By Kim McCullough
Content Warning: Sexual violence, suicide, war
Speak, Silence by Kim Echlin follows Gota Dobson, a Toronto-based single mother and travel writer for an airline magazine. Gota has watched the Yugoslav wars on TV for years when an opportunity arises to attend a film festival in Sarajevo. Gota knows she has to go, at the very least, to see Kosmos, a man she’d met in Paris eleven years earlier. After that brief but life-changing affair, he left her. Now, he runs a theatre company in Sarajevo, and Gota is willing to risk the visit, even though the fighting is still going on outside the city.
Once in Sarajevo, Kosmos introduces Gota to Edina, a lawyer who has shouldered the burden of compiling stories of the women who were sent to rape camps and brutalized during the war. A court has been set up at the Hague to try war criminals and bring justice to the women who suffered at their hands. Edina, who was also held captive, will join the survivors in testifying against the main perpetrator. Though the women, who include Edina’s daughter and mother, can never recover all they’ve lost, they hope a trial will be a step toward healing.

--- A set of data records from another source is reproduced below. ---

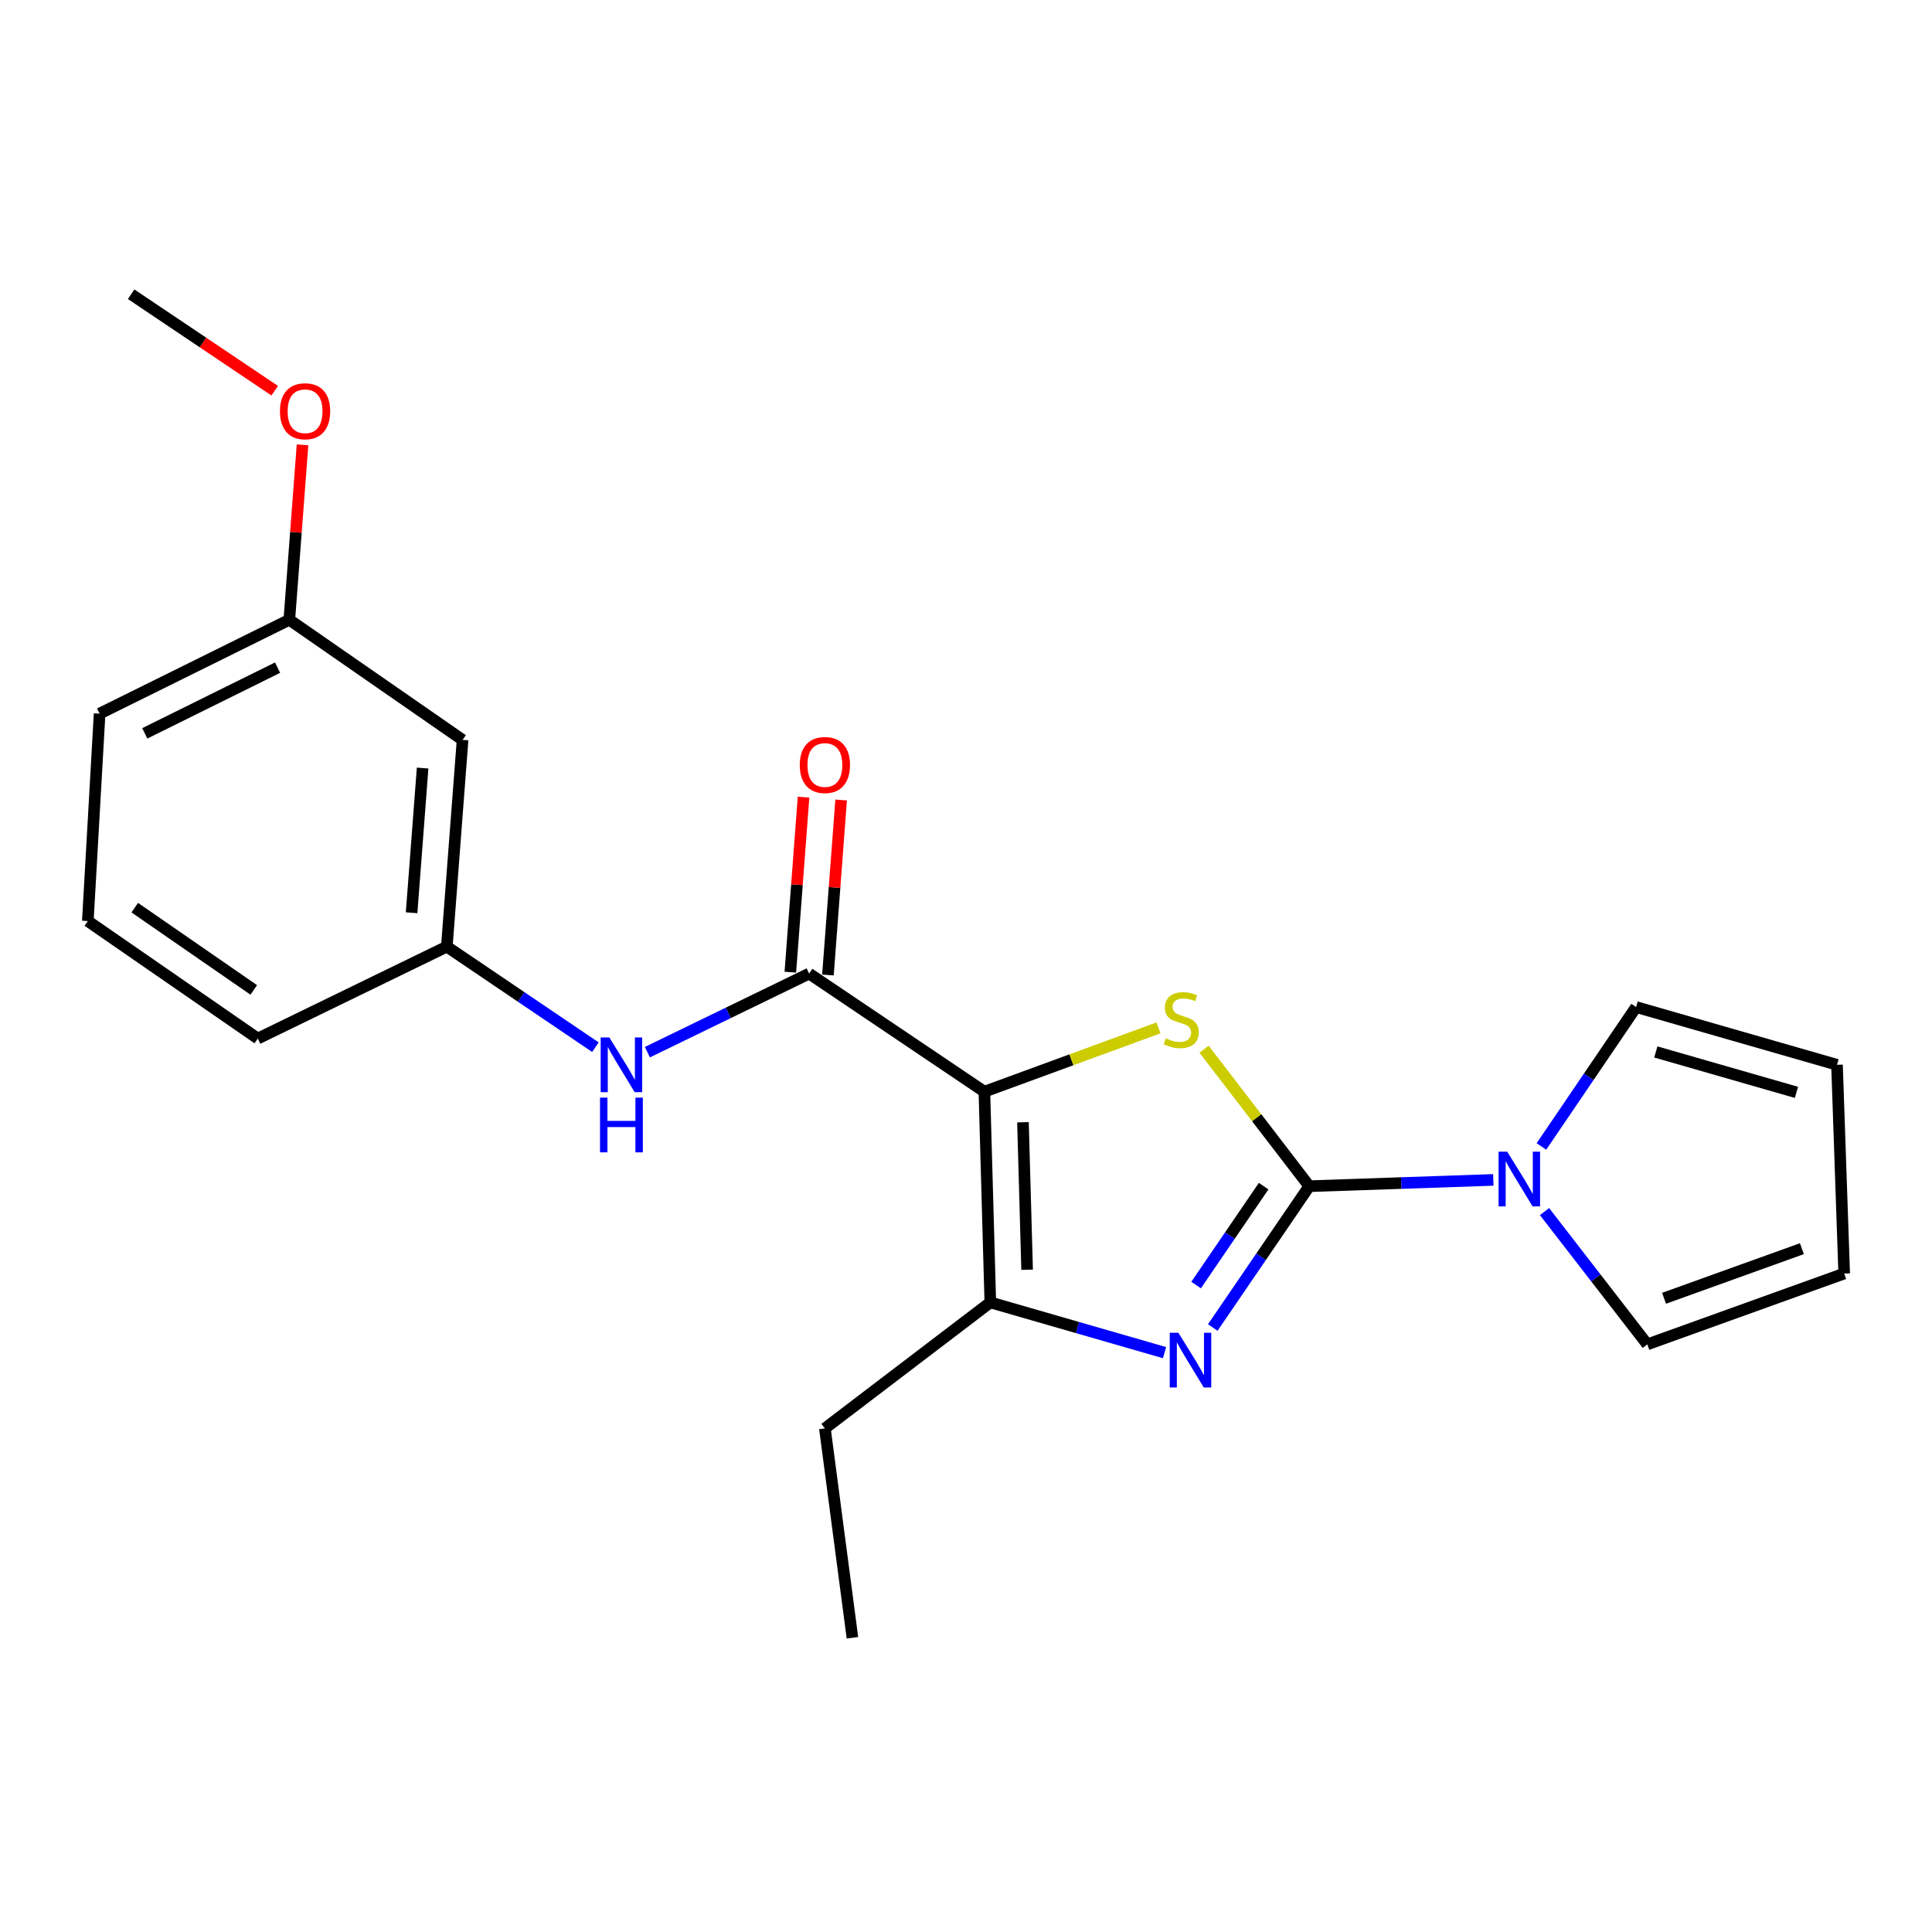 <?xml version='1.0' encoding='iso-8859-1'?>
<svg version='1.1' baseProfile='full'
              xmlns='http://www.w3.org/2000/svg'
                      xmlns:rdkit='http://www.rdkit.org/xml'
                      xmlns:xlink='http://www.w3.org/1999/xlink'
                  xml:space='preserve'
width='1000px' height='1000px' viewBox='0 0 1000 1000'>
<!-- END OF HEADER -->
<rect style='opacity:1.0;fill:#FFFFFF;stroke:none' width='1000' height='1000' x='0' y='0'> </rect>
<path class='bond-1' d='M 509.519,565.059 L 554.571,548.541' style='fill:none;fill-rule:evenodd;stroke:#000000;stroke-width:6px;stroke-linecap:butt;stroke-linejoin:miter;stroke-opacity:1' />
<path class='bond-1' d='M 554.571,548.541 L 599.623,532.023' style='fill:none;fill-rule:evenodd;stroke:#CCCC00;stroke-width:6px;stroke-linecap:butt;stroke-linejoin:miter;stroke-opacity:1' />
<path class='bond-3' d='M 509.519,565.059 L 512.587,674.123' style='fill:none;fill-rule:evenodd;stroke:#000000;stroke-width:6px;stroke-linecap:butt;stroke-linejoin:miter;stroke-opacity:1' />
<path class='bond-3' d='M 529.486,580.87 L 531.633,657.215' style='fill:none;fill-rule:evenodd;stroke:#000000;stroke-width:6px;stroke-linecap:butt;stroke-linejoin:miter;stroke-opacity:1' />
<path class='bond-4' d='M 509.519,565.059 L 418.809,503.925' style='fill:none;fill-rule:evenodd;stroke:#000000;stroke-width:6px;stroke-linecap:butt;stroke-linejoin:miter;stroke-opacity:1' />
<path class='bond-0' d='M 677.668,613.975 L 650.442,578.52' style='fill:none;fill-rule:evenodd;stroke:#000000;stroke-width:6px;stroke-linecap:butt;stroke-linejoin:miter;stroke-opacity:1' />
<path class='bond-0' d='M 650.442,578.52 L 623.216,543.065' style='fill:none;fill-rule:evenodd;stroke:#CCCC00;stroke-width:6px;stroke-linecap:butt;stroke-linejoin:miter;stroke-opacity:1' />
<path class='bond-5' d='M 677.668,613.975 L 725.302,612.346' style='fill:none;fill-rule:evenodd;stroke:#000000;stroke-width:6px;stroke-linecap:butt;stroke-linejoin:miter;stroke-opacity:1' />
<path class='bond-5' d='M 725.302,612.346 L 772.936,610.717' style='fill:none;fill-rule:evenodd;stroke:#0000FF;stroke-width:6px;stroke-linecap:butt;stroke-linejoin:miter;stroke-opacity:1' />
<path class='bond-22' d='M 677.668,613.975 L 652.698,650.546' style='fill:none;fill-rule:evenodd;stroke:#000000;stroke-width:6px;stroke-linecap:butt;stroke-linejoin:miter;stroke-opacity:1' />
<path class='bond-22' d='M 652.698,650.546 L 627.727,687.116' style='fill:none;fill-rule:evenodd;stroke:#0000FF;stroke-width:6px;stroke-linecap:butt;stroke-linejoin:miter;stroke-opacity:1' />
<path class='bond-22' d='M 654.061,613.942 L 636.582,639.542' style='fill:none;fill-rule:evenodd;stroke:#000000;stroke-width:6px;stroke-linecap:butt;stroke-linejoin:miter;stroke-opacity:1' />
<path class='bond-22' d='M 636.582,639.542 L 619.102,665.141' style='fill:none;fill-rule:evenodd;stroke:#0000FF;stroke-width:6px;stroke-linecap:butt;stroke-linejoin:miter;stroke-opacity:1' />
<path class='bond-2' d='M 602.762,700.127 L 557.674,687.125' style='fill:none;fill-rule:evenodd;stroke:#0000FF;stroke-width:6px;stroke-linecap:butt;stroke-linejoin:miter;stroke-opacity:1' />
<path class='bond-2' d='M 557.674,687.125 L 512.587,674.123' style='fill:none;fill-rule:evenodd;stroke:#000000;stroke-width:6px;stroke-linecap:butt;stroke-linejoin:miter;stroke-opacity:1' />
<path class='bond-15' d='M 512.587,674.123 L 426.962,739.345' style='fill:none;fill-rule:evenodd;stroke:#000000;stroke-width:6px;stroke-linecap:butt;stroke-linejoin:miter;stroke-opacity:1' />
<path class='bond-6' d='M 418.809,503.925 L 376.949,524.266' style='fill:none;fill-rule:evenodd;stroke:#000000;stroke-width:6px;stroke-linecap:butt;stroke-linejoin:miter;stroke-opacity:1' />
<path class='bond-6' d='M 376.949,524.266 L 335.089,544.607' style='fill:none;fill-rule:evenodd;stroke:#0000FF;stroke-width:6px;stroke-linecap:butt;stroke-linejoin:miter;stroke-opacity:1' />
<path class='bond-9' d='M 428.539,504.659 L 431.956,459.371' style='fill:none;fill-rule:evenodd;stroke:#000000;stroke-width:6px;stroke-linecap:butt;stroke-linejoin:miter;stroke-opacity:1' />
<path class='bond-9' d='M 431.956,459.371 L 435.373,414.083' style='fill:none;fill-rule:evenodd;stroke:#FF0000;stroke-width:6px;stroke-linecap:butt;stroke-linejoin:miter;stroke-opacity:1' />
<path class='bond-9' d='M 409.08,503.19 L 412.497,457.902' style='fill:none;fill-rule:evenodd;stroke:#000000;stroke-width:6px;stroke-linecap:butt;stroke-linejoin:miter;stroke-opacity:1' />
<path class='bond-9' d='M 412.497,457.902 L 415.914,412.614' style='fill:none;fill-rule:evenodd;stroke:#FF0000;stroke-width:6px;stroke-linecap:butt;stroke-linejoin:miter;stroke-opacity:1' />
<path class='bond-7' d='M 799.449,627.122 L 826.043,661.486' style='fill:none;fill-rule:evenodd;stroke:#0000FF;stroke-width:6px;stroke-linecap:butt;stroke-linejoin:miter;stroke-opacity:1' />
<path class='bond-7' d='M 826.043,661.486 L 852.637,695.849' style='fill:none;fill-rule:evenodd;stroke:#000000;stroke-width:6px;stroke-linecap:butt;stroke-linejoin:miter;stroke-opacity:1' />
<path class='bond-8' d='M 797.84,593.407 L 822.344,557.328' style='fill:none;fill-rule:evenodd;stroke:#0000FF;stroke-width:6px;stroke-linecap:butt;stroke-linejoin:miter;stroke-opacity:1' />
<path class='bond-8' d='M 822.344,557.328 L 846.847,521.249' style='fill:none;fill-rule:evenodd;stroke:#000000;stroke-width:6px;stroke-linecap:butt;stroke-linejoin:miter;stroke-opacity:1' />
<path class='bond-10' d='M 308.181,542.023 L 269.728,515.997' style='fill:none;fill-rule:evenodd;stroke:#0000FF;stroke-width:6px;stroke-linecap:butt;stroke-linejoin:miter;stroke-opacity:1' />
<path class='bond-10' d='M 269.728,515.997 L 231.275,489.972' style='fill:none;fill-rule:evenodd;stroke:#000000;stroke-width:6px;stroke-linecap:butt;stroke-linejoin:miter;stroke-opacity:1' />
<path class='bond-12' d='M 852.637,695.849 L 954.545,659.173' style='fill:none;fill-rule:evenodd;stroke:#000000;stroke-width:6px;stroke-linecap:butt;stroke-linejoin:miter;stroke-opacity:1' />
<path class='bond-12' d='M 861.315,671.986 L 932.651,646.313' style='fill:none;fill-rule:evenodd;stroke:#000000;stroke-width:6px;stroke-linecap:butt;stroke-linejoin:miter;stroke-opacity:1' />
<path class='bond-13' d='M 846.847,521.249 L 950.827,551.139' style='fill:none;fill-rule:evenodd;stroke:#000000;stroke-width:6px;stroke-linecap:butt;stroke-linejoin:miter;stroke-opacity:1' />
<path class='bond-13' d='M 857.053,544.487 L 929.839,565.41' style='fill:none;fill-rule:evenodd;stroke:#000000;stroke-width:6px;stroke-linecap:butt;stroke-linejoin:miter;stroke-opacity:1' />
<path class='bond-11' d='M 231.275,489.972 L 239.428,382.978' style='fill:none;fill-rule:evenodd;stroke:#000000;stroke-width:6px;stroke-linecap:butt;stroke-linejoin:miter;stroke-opacity:1' />
<path class='bond-11' d='M 213.04,472.44 L 218.747,397.545' style='fill:none;fill-rule:evenodd;stroke:#000000;stroke-width:6px;stroke-linecap:butt;stroke-linejoin:miter;stroke-opacity:1' />
<path class='bond-18' d='M 231.275,489.972 L 133.443,537.554' style='fill:none;fill-rule:evenodd;stroke:#000000;stroke-width:6px;stroke-linecap:butt;stroke-linejoin:miter;stroke-opacity:1' />
<path class='bond-14' d='M 239.428,382.978 L 149.748,320.792' style='fill:none;fill-rule:evenodd;stroke:#000000;stroke-width:6px;stroke-linecap:butt;stroke-linejoin:miter;stroke-opacity:1' />
<path class='bond-23' d='M 954.545,659.173 L 950.827,551.139' style='fill:none;fill-rule:evenodd;stroke:#000000;stroke-width:6px;stroke-linecap:butt;stroke-linejoin:miter;stroke-opacity:1' />
<path class='bond-16' d='M 149.748,320.792 L 153.165,275.52' style='fill:none;fill-rule:evenodd;stroke:#000000;stroke-width:6px;stroke-linecap:butt;stroke-linejoin:miter;stroke-opacity:1' />
<path class='bond-16' d='M 153.165,275.52 L 156.583,230.248' style='fill:none;fill-rule:evenodd;stroke:#FF0000;stroke-width:6px;stroke-linecap:butt;stroke-linejoin:miter;stroke-opacity:1' />
<path class='bond-24' d='M 149.748,320.792 L 51.558,369.373' style='fill:none;fill-rule:evenodd;stroke:#000000;stroke-width:6px;stroke-linecap:butt;stroke-linejoin:miter;stroke-opacity:1' />
<path class='bond-24' d='M 143.674,345.57 L 74.94,379.576' style='fill:none;fill-rule:evenodd;stroke:#000000;stroke-width:6px;stroke-linecap:butt;stroke-linejoin:miter;stroke-opacity:1' />
<path class='bond-21' d='M 426.962,739.345 L 441.218,847.704' style='fill:none;fill-rule:evenodd;stroke:#000000;stroke-width:6px;stroke-linecap:butt;stroke-linejoin:miter;stroke-opacity:1' />
<path class='bond-20' d='M 142.19,202.224 L 105.032,177.26' style='fill:none;fill-rule:evenodd;stroke:#FF0000;stroke-width:6px;stroke-linecap:butt;stroke-linejoin:miter;stroke-opacity:1' />
<path class='bond-20' d='M 105.032,177.26 L 67.874,152.296' style='fill:none;fill-rule:evenodd;stroke:#000000;stroke-width:6px;stroke-linecap:butt;stroke-linejoin:miter;stroke-opacity:1' />
<path class='bond-17' d='M 45.455,476.734 L 133.443,537.554' style='fill:none;fill-rule:evenodd;stroke:#000000;stroke-width:6px;stroke-linecap:butt;stroke-linejoin:miter;stroke-opacity:1' />
<path class='bond-17' d='M 69.749,469.805 L 131.341,512.379' style='fill:none;fill-rule:evenodd;stroke:#000000;stroke-width:6px;stroke-linecap:butt;stroke-linejoin:miter;stroke-opacity:1' />
<path class='bond-19' d='M 45.455,476.734 L 51.558,369.373' style='fill:none;fill-rule:evenodd;stroke:#000000;stroke-width:6px;stroke-linecap:butt;stroke-linejoin:miter;stroke-opacity:1' />
<path  class='atom-2' d='M 603.417 537.42
Q 603.737 537.54, 605.057 538.1
Q 606.377 538.66, 607.817 539.02
Q 609.297 539.34, 610.737 539.34
Q 613.417 539.34, 614.977 538.06
Q 616.537 536.74, 616.537 534.46
Q 616.537 532.9, 615.737 531.94
Q 614.977 530.98, 613.777 530.46
Q 612.577 529.94, 610.577 529.34
Q 608.057 528.58, 606.537 527.86
Q 605.057 527.14, 603.977 525.62
Q 602.937 524.1, 602.937 521.54
Q 602.937 517.98, 605.337 515.78
Q 607.777 513.58, 612.577 513.58
Q 615.857 513.58, 619.577 515.14
L 618.657 518.22
Q 615.257 516.82, 612.697 516.82
Q 609.937 516.82, 608.417 517.98
Q 606.897 519.1, 606.937 521.06
Q 606.937 522.58, 607.697 523.5
Q 608.497 524.42, 609.617 524.94
Q 610.777 525.46, 612.697 526.06
Q 615.257 526.86, 616.777 527.66
Q 618.297 528.46, 619.377 530.1
Q 620.497 531.7, 620.497 534.46
Q 620.497 538.38, 617.857 540.5
Q 615.257 542.58, 610.897 542.58
Q 608.377 542.58, 606.457 542.02
Q 604.577 541.5, 602.337 540.58
L 603.417 537.42
' fill='#CCCC00'/>
<path  class='atom-3' d='M 609.938 689.842
L 619.218 704.842
Q 620.138 706.322, 621.618 709.002
Q 623.098 711.682, 623.178 711.842
L 623.178 689.842
L 626.938 689.842
L 626.938 718.162
L 623.058 718.162
L 613.098 701.762
Q 611.938 699.842, 610.698 697.642
Q 609.498 695.442, 609.138 694.762
L 609.138 718.162
L 605.458 718.162
L 605.458 689.842
L 609.938 689.842
' fill='#0000FF'/>
<path  class='atom-6' d='M 780.136 596.097
L 789.416 611.097
Q 790.336 612.577, 791.816 615.257
Q 793.296 617.937, 793.376 618.097
L 793.376 596.097
L 797.136 596.097
L 797.136 624.417
L 793.256 624.417
L 783.296 608.017
Q 782.136 606.097, 780.896 603.897
Q 779.696 601.697, 779.336 601.017
L 779.336 624.417
L 775.656 624.417
L 775.656 596.097
L 780.136 596.097
' fill='#0000FF'/>
<path  class='atom-7' d='M 315.389 536.979
L 324.669 551.979
Q 325.589 553.459, 327.069 556.139
Q 328.549 558.819, 328.629 558.979
L 328.629 536.979
L 332.389 536.979
L 332.389 565.299
L 328.509 565.299
L 318.549 548.899
Q 317.389 546.979, 316.149 544.779
Q 314.949 542.579, 314.589 541.899
L 314.589 565.299
L 310.909 565.299
L 310.909 536.979
L 315.389 536.979
' fill='#0000FF'/>
<path  class='atom-7' d='M 310.569 568.131
L 314.409 568.131
L 314.409 580.171
L 328.889 580.171
L 328.889 568.131
L 332.729 568.131
L 332.729 596.451
L 328.889 596.451
L 328.889 583.371
L 314.409 583.371
L 314.409 596.451
L 310.569 596.451
L 310.569 568.131
' fill='#0000FF'/>
<path  class='atom-10' d='M 413.962 395.96
Q 413.962 389.16, 417.322 385.36
Q 420.682 381.56, 426.962 381.56
Q 433.242 381.56, 436.602 385.36
Q 439.962 389.16, 439.962 395.96
Q 439.962 402.84, 436.562 406.76
Q 433.162 410.64, 426.962 410.64
Q 420.722 410.64, 417.322 406.76
Q 413.962 402.88, 413.962 395.96
M 426.962 407.44
Q 431.282 407.44, 433.602 404.56
Q 435.962 401.64, 435.962 395.96
Q 435.962 390.4, 433.602 387.6
Q 431.282 384.76, 426.962 384.76
Q 422.642 384.76, 420.282 387.56
Q 417.962 390.36, 417.962 395.96
Q 417.962 401.68, 420.282 404.56
Q 422.642 407.44, 426.962 407.44
' fill='#FF0000'/>
<path  class='atom-17' d='M 144.901 212.86
Q 144.901 206.06, 148.261 202.26
Q 151.621 198.46, 157.901 198.46
Q 164.181 198.46, 167.541 202.26
Q 170.901 206.06, 170.901 212.86
Q 170.901 219.74, 167.501 223.66
Q 164.101 227.54, 157.901 227.54
Q 151.661 227.54, 148.261 223.66
Q 144.901 219.78, 144.901 212.86
M 157.901 224.34
Q 162.221 224.34, 164.541 221.46
Q 166.901 218.54, 166.901 212.86
Q 166.901 207.3, 164.541 204.5
Q 162.221 201.66, 157.901 201.66
Q 153.581 201.66, 151.221 204.46
Q 148.901 207.26, 148.901 212.86
Q 148.901 218.58, 151.221 221.46
Q 153.581 224.34, 157.901 224.34
' fill='#FF0000'/>
</svg>

As the trial approaches, Gota’s friendship with Edina deepens. Gota is determined to support Edina and the women by attending court each day. Kosmos and the other male characters—Gota’s editor, a taxi driver, a guard at the courthouse—slip into supporting roles. They show kindness and decency—normalcy that provides a stark contrast to the men who raped and murdered their way through the war.
Echlin keeps the narrative focused firmly on the women, drawing parallels between Edina and Gota and their respective mothers and daughters. Edina and her family can’t ever go home again, while Gota’s lives in peace and safety in Canada. Gota’s daughter is concerned with her future, while Edina’s just wants to forget her past.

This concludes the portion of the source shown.